He will be the fourth minister to have led the review since it launched.
Collins taking charge of gambling policy was confirmed by a spokesperson for the DCMS, who said that the change will soon be updated on government websites.
The appointment comes at an uncertain time for the gaming industry; with the long-awaited Gambling Act review white paper due within weeks. Collins will take charge of this review, taking over from his predecessor Chris Philp who stepped down last week, though in his resignation statement Philp said the white paper had already been presented to the Prime Minister.
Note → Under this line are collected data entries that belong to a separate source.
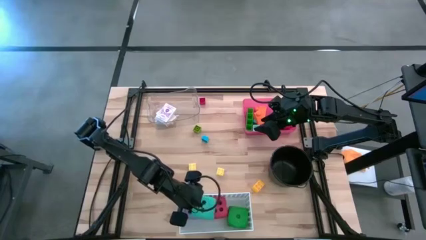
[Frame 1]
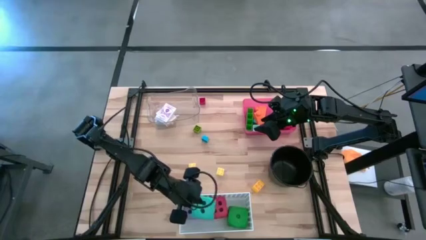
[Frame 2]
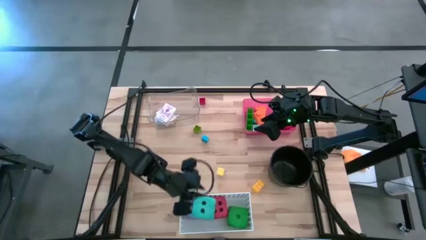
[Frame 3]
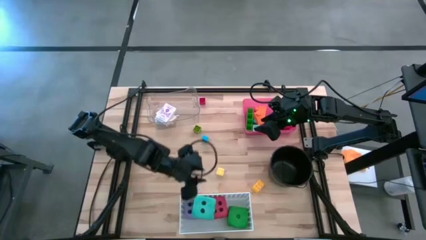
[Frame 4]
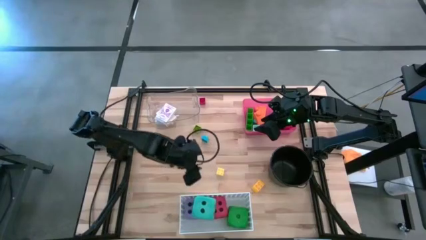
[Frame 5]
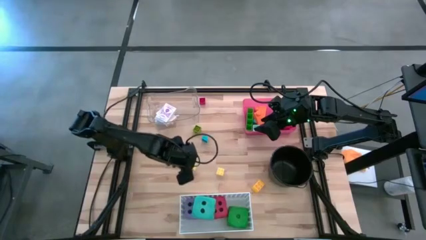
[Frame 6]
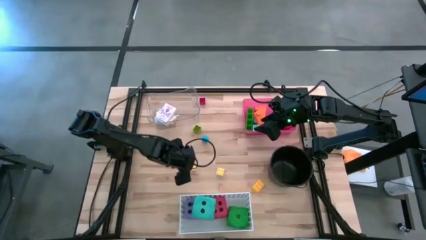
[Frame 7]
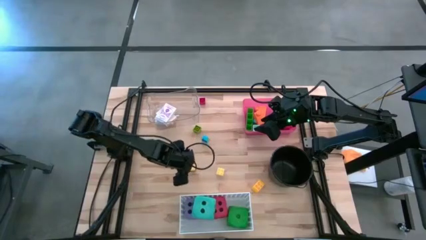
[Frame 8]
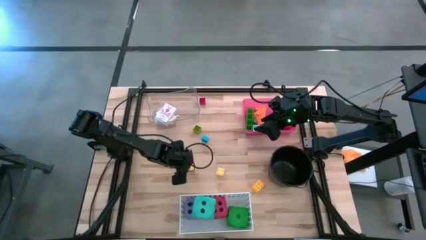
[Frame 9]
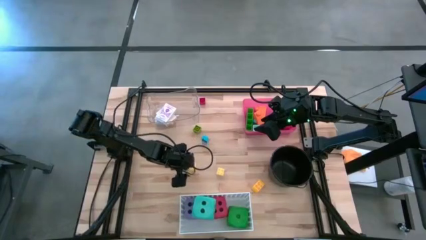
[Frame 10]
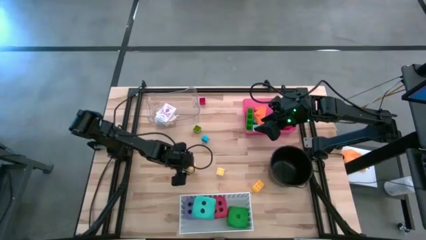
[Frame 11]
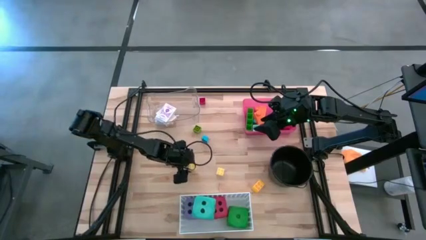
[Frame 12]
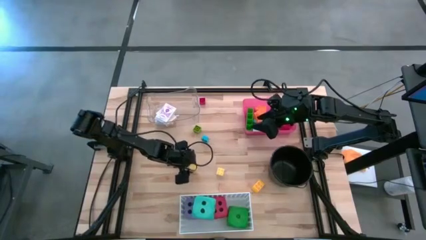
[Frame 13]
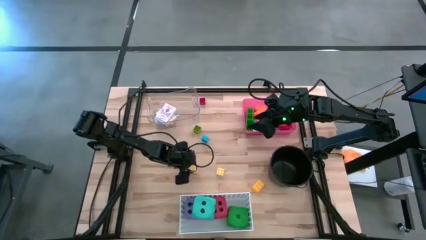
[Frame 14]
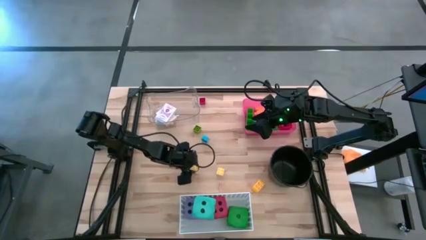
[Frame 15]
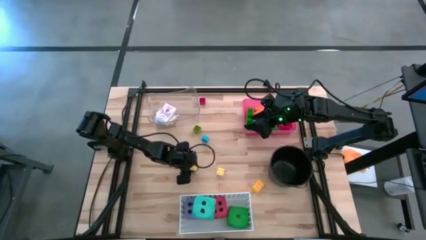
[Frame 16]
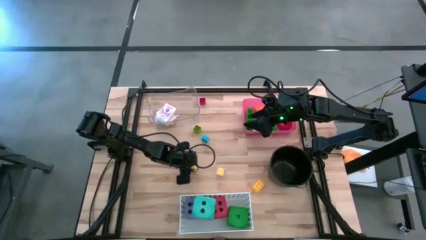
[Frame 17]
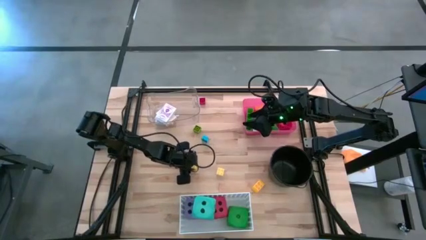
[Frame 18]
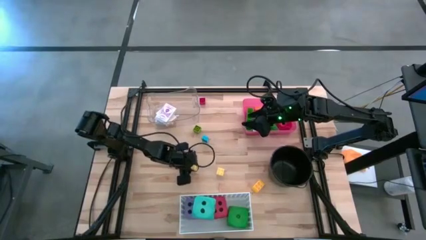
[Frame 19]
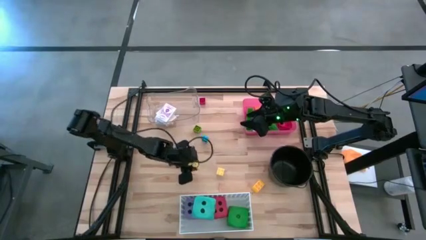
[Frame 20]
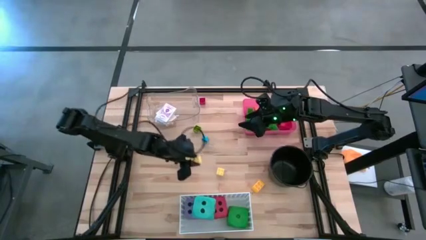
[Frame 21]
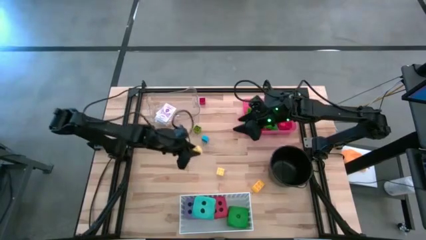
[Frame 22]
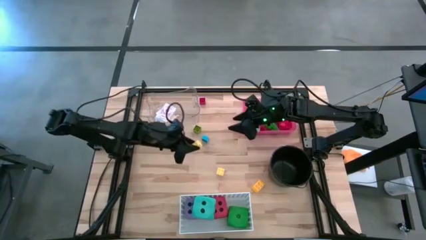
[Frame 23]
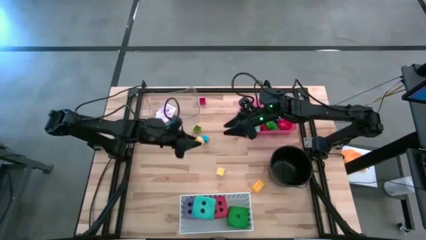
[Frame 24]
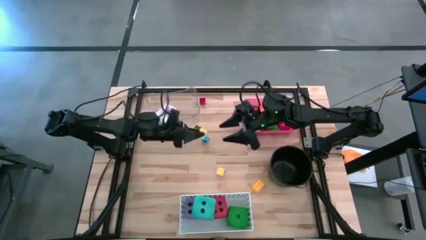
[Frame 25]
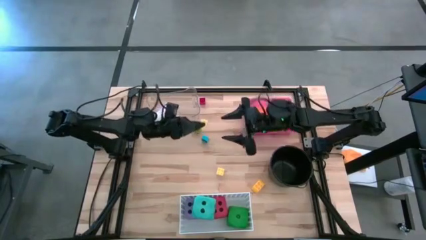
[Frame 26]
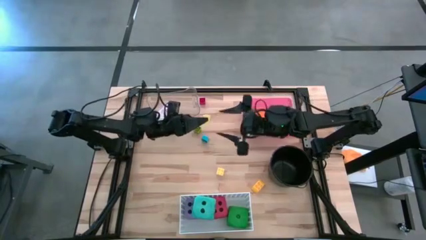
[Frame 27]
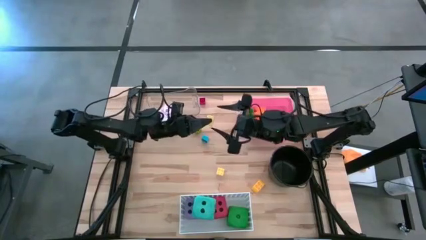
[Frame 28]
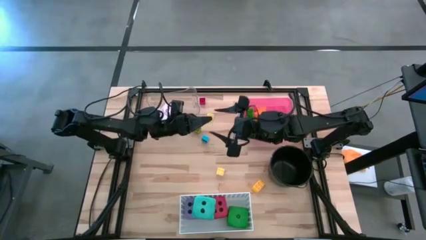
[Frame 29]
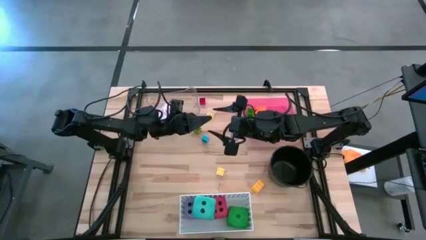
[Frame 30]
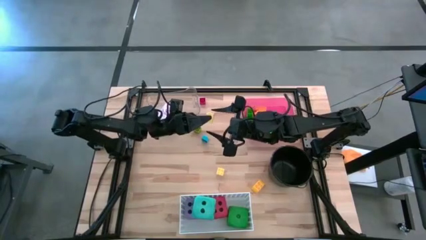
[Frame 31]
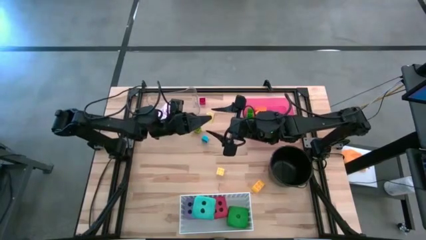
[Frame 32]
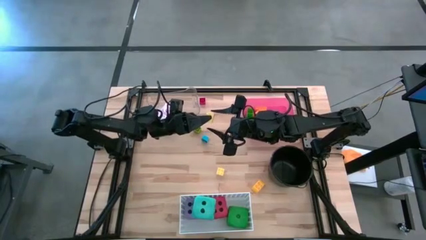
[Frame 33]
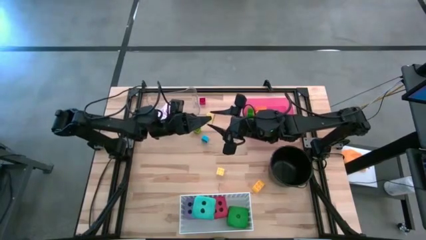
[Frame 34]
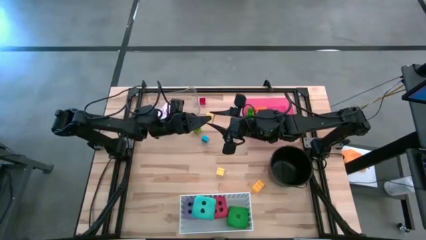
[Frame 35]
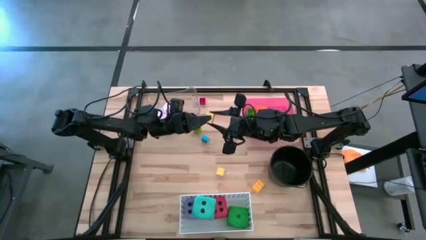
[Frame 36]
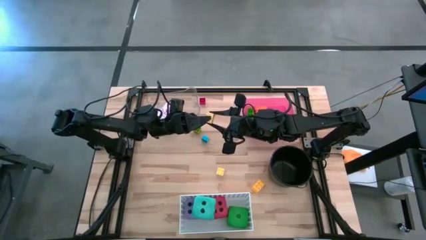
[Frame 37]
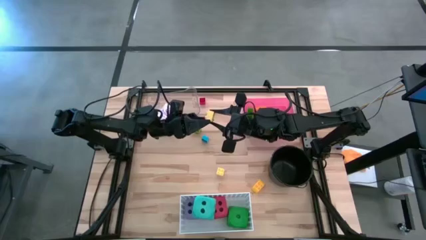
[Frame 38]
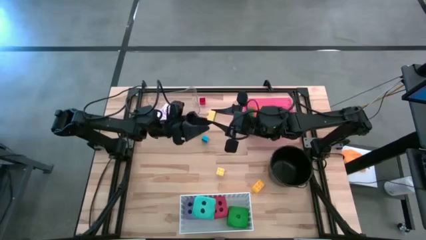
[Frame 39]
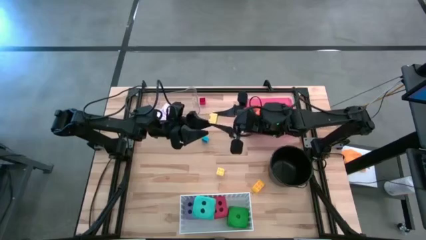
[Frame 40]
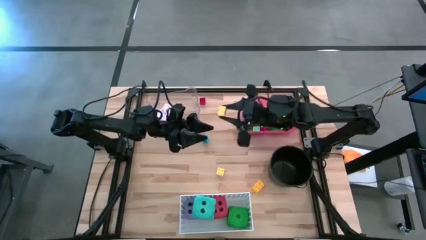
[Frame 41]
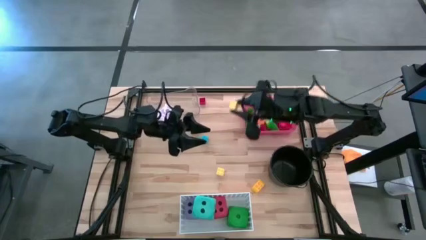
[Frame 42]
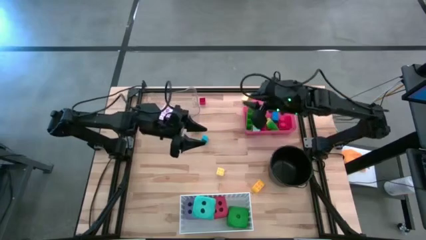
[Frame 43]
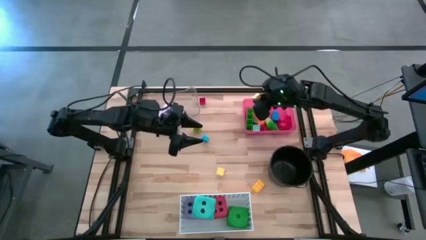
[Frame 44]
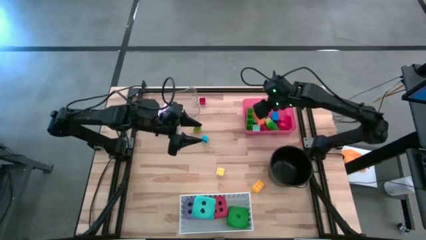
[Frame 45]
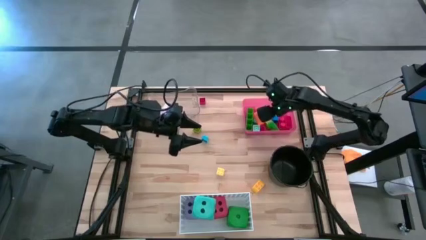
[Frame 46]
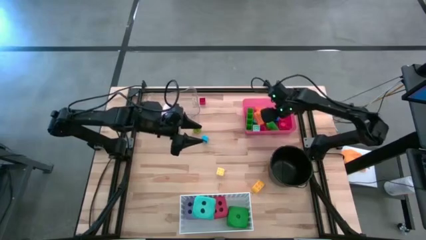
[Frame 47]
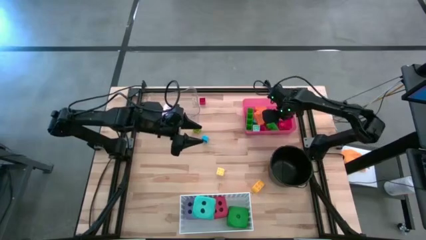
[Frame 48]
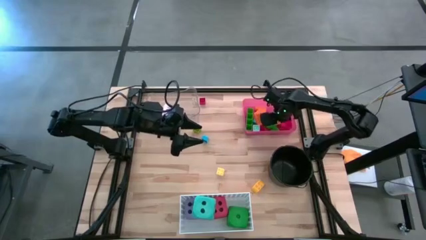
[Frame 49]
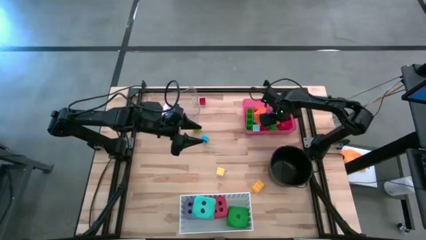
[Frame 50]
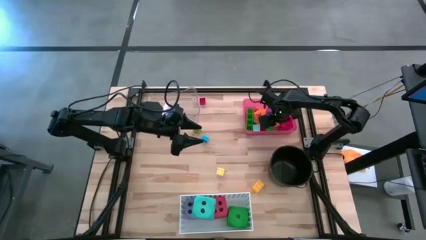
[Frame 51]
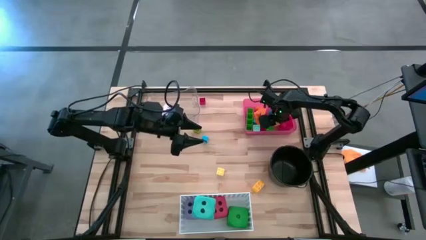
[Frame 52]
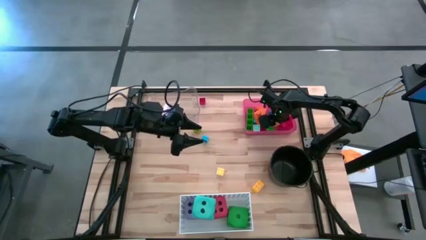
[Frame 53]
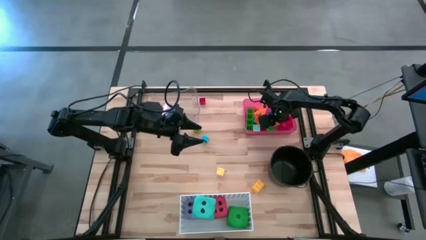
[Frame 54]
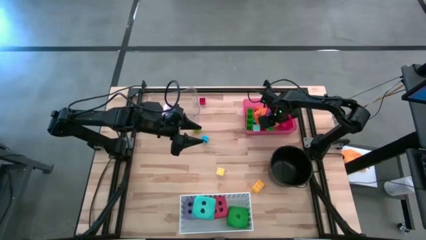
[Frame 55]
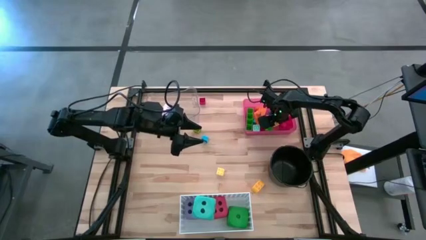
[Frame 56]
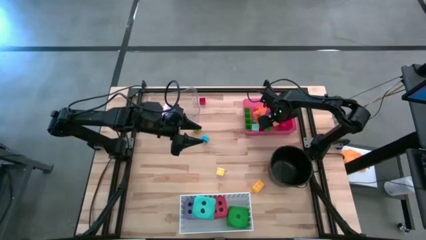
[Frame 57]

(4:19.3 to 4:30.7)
Task: Pick & Place Toys
Put the yellow game piece into the red bin

The document is expected to cover a comprehensive array of topics relating to the sector and point the way for future legislative reform that will seek to update the 2005 Gambling Act.
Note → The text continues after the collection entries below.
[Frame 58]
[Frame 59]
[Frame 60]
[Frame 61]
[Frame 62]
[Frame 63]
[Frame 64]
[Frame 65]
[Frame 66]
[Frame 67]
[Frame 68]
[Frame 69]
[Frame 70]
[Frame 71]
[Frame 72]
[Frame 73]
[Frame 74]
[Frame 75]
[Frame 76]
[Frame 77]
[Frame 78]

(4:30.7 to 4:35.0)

In addition, the recent resignation of Boris Johnson as prime minister of the United Kingdom and Northern Ireland, is another unpredictable variable in the future of the review. Johnson’s replacement as Conservative Party leader and prime minister may once again change the ministerial leadership or propose their own changes to the review.
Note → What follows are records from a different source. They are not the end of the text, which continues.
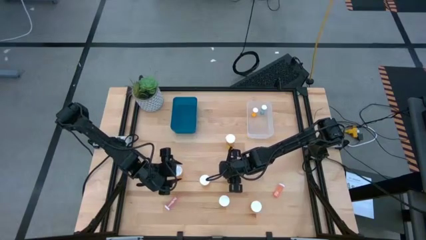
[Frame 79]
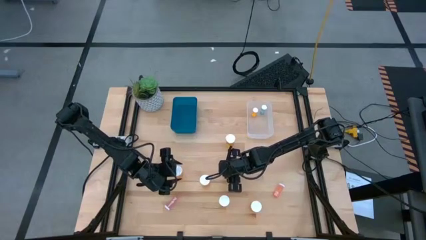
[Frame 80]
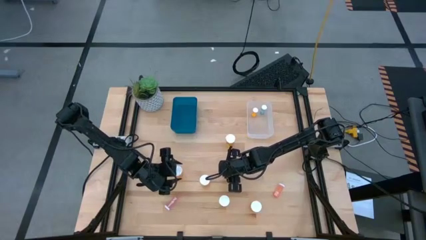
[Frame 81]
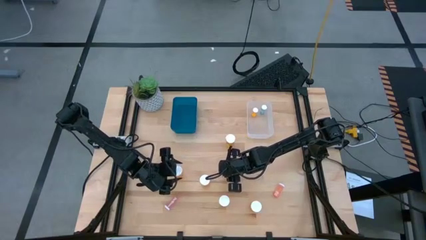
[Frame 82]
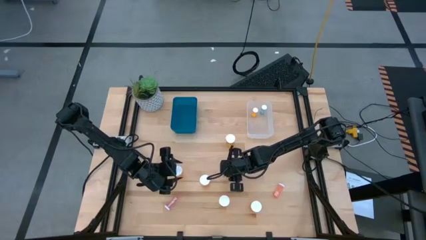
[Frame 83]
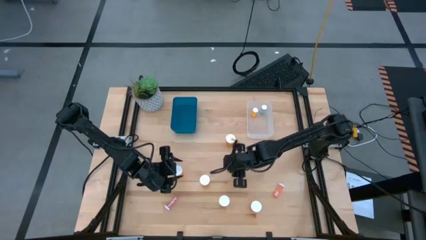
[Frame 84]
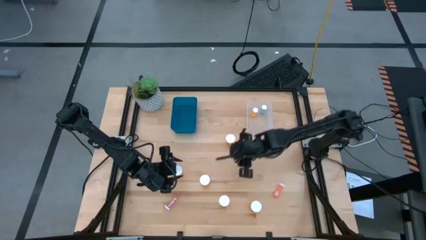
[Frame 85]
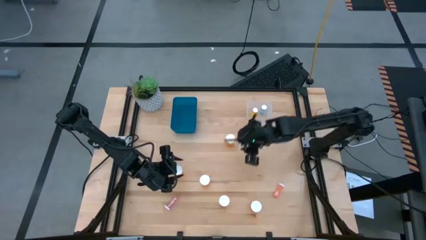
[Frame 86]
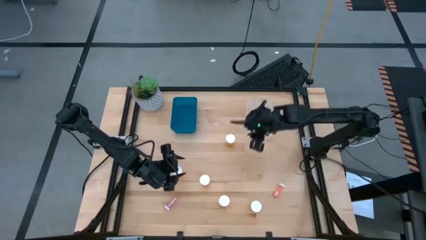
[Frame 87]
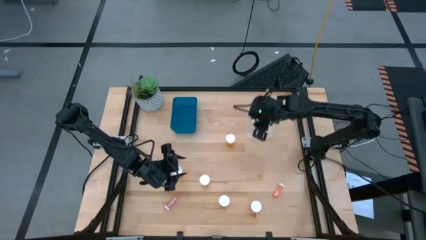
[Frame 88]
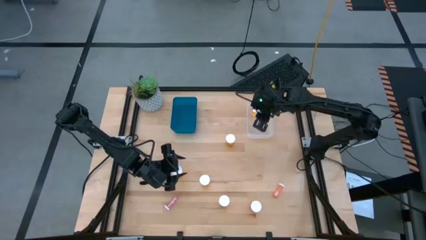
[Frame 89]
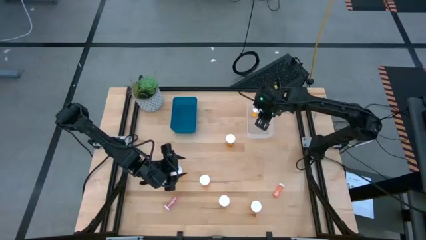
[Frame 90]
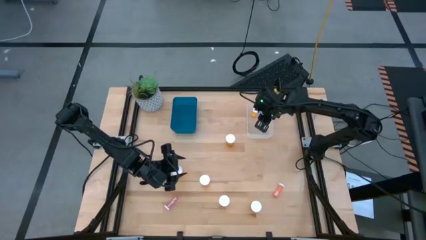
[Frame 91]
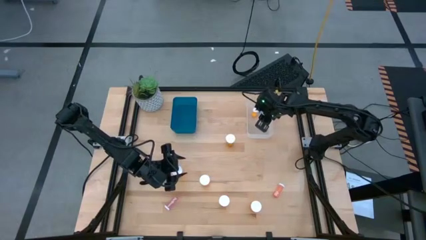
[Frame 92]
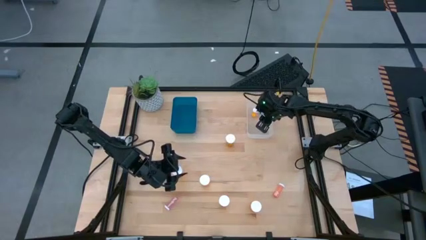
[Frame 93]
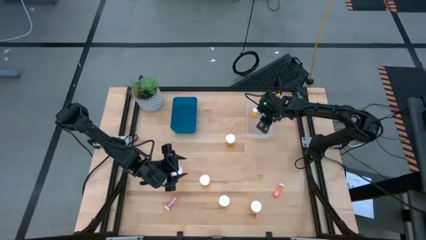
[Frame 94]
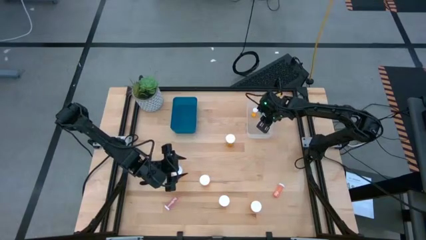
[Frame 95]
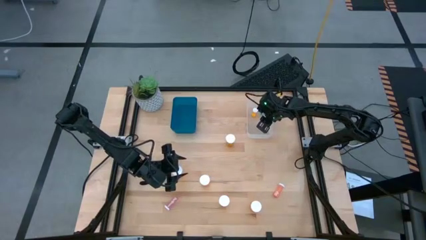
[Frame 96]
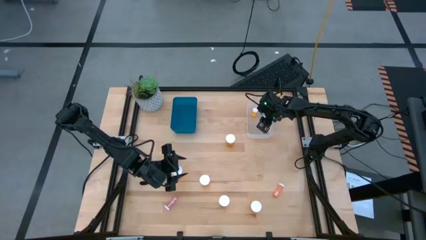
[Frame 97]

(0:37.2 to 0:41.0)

Michael Dugher, chief executive of the industry advocate the Betting and Gaming Council (BGC), heralded the move in a tweet: “Many congratulations to @DamianCollins on his appointment as Minister at DCMS. Highly rated and respected, and thoroughly well-deserved. Someone who actually knows something about his brief too – whatever is the world coming to?!”
This friendly reception from industry contrasts with that of his predecessor Chris Philp, who as a backbench MP campaigned for stricter regulation of fixed-odds betting terminals (FOBTs), ahead of the 2018 decision to cut the maximum stake permitted on the machines.
On the other hand, Whittingdale had also been seen as friendly to the sector.
Collins has been member of parliament for Folkestone and Hythe since the 2010 general election and chairs the joint committee on the draft online safety bill. From 2016-19 he also chaired the House of Commons DCSM select committee
He studied modern history at St Benet’s Hall at the University of Oxford and in 1995 was the president of the Oxford University Conservative Association.